My first steps with Amazon DyamoDB
I’ve not too long ago been engaged on a private challenge the place I’ve determined to make use of and study extra about DynamoDB. Whereas I’ve used Dynamo a bit for small issues prior to now, the vast majority of my previous expertise has been with relational databases, and it’s taken me a while to get my head round working with NoSQL.
DynamoDB is Amazon Internet Providers’ absolutely managed NoSQL database.
Not like relational databases, which retailer their knowledge in structured rows and columns, Dynamo knowledge is saved in key-value pairs. Which means that the information you retailer in Dynamo is unstructured in comparison with what you’d often see in a relational database. The one schema that it’s a must to outline is your desk keys: the partition key and the kind key. Past that, your knowledge could be schemaless (though your utility nonetheless has to know deal with it).
In my challenge, I’m utilizing Python and accessing Dynamo by way of the
boto3 library. That is operating on AWS Lambda. In my code, I’ve a knowledge mannequin,
assortment , which I wanted to do primary CRUD (Create, Learn, Replace, Delete) operations on.
My code appeared one thing like this:
Do you see my mistake?
With each database operation I used to be doing, I used to be re-initializing the
boto3useful resource and the Dynamo Desk.
It was simple to do (particularly with GitHub Copilot principally writing these features for me), and I didn’t actually give it some thought on the time. Nonetheless, whereas reviewing some code, my fiancé, Myles Loffler, identified to me that that is actually an anti-pattern when working with
boto3 clients, particularly on Lambda.
Observe: Whereas I hit this anti-pattern whereas working with Dynamo, because of the nature of the CRUD operations — you’ll be able to run into it any time you’re re-initializing the identical
boto3 useful resource time and again!
Fortunately, this was each simple to repair, and fixing it made my code higher general!
I created a brand new
utilities file to deal with my database connections and added the next features:
Then, I refactored my CRUD features to only use
get_dynamo_table as an alternative of utilizing
You could have seen the usage of world variables in my database utility.
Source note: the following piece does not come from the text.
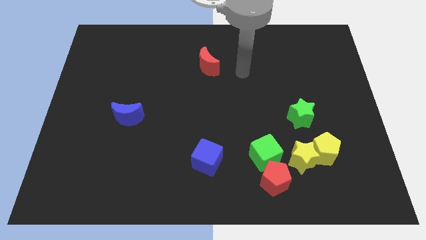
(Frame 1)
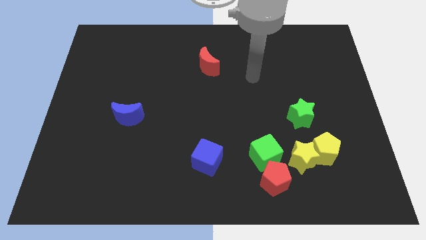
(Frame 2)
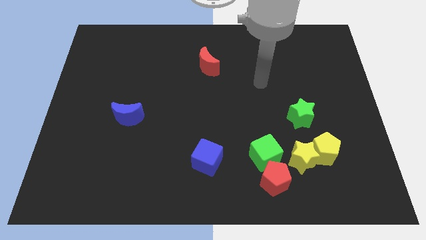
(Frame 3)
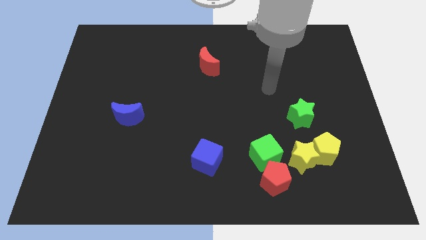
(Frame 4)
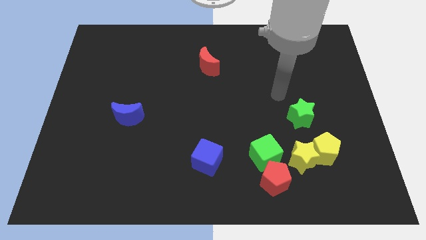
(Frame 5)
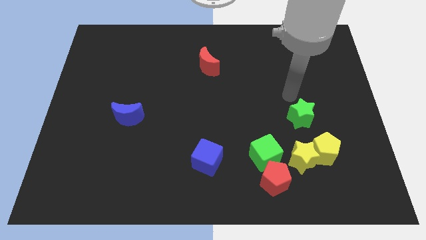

Whereas that is typically thought of a foul follow, I used them primarily based on the Lambda greatest follow that implies taking advantage of execution environment reuse.
This made three main variations to my code:
That is clearly the large one!
To check, I deployed two variations of the applying, one with the outdated code and one with the brand new, and ran by a number of the workflows that resulted in CRUD operations.
Listed here are some examples of traces by my utility with out this alteration utilized to it. This motion included deleting an merchandise and a question:
And listed here are traces of the identical two actions (delete and question) by the applying with this alteration utilized:
Though we’re solely speaking about fractions of a second, these delays add up over time! The applying feels notably quicker and extra responsive after this alteration was utilized.
This strategy is each simpler to learn and, in the long run, will certainly be much less code in my challenge. I don’t should import
boto3and entry the setting variables every time I must entry the database. There’s a single perform to entry Dynamo now, so if I want to alter one thing, I’ll solely have to alter it in a single place.
The exams are cleaner too. Earlier than, I needed to mock
boto3 in each location, which was additionally pretty difficult, as I used to be mocking the return worth of a return worth. Now I can simply mock
get_dynamo_table , which is much more easy and straightforward to learn.
The brand new features in
utils.db don’t care concerning the desk title in any respect — it’s retrieved by the
get_dynamo_table_name perform in settings. As my challenge grows, this code is reuseable throughout different Lambdas that will use totally different Dynamo tables.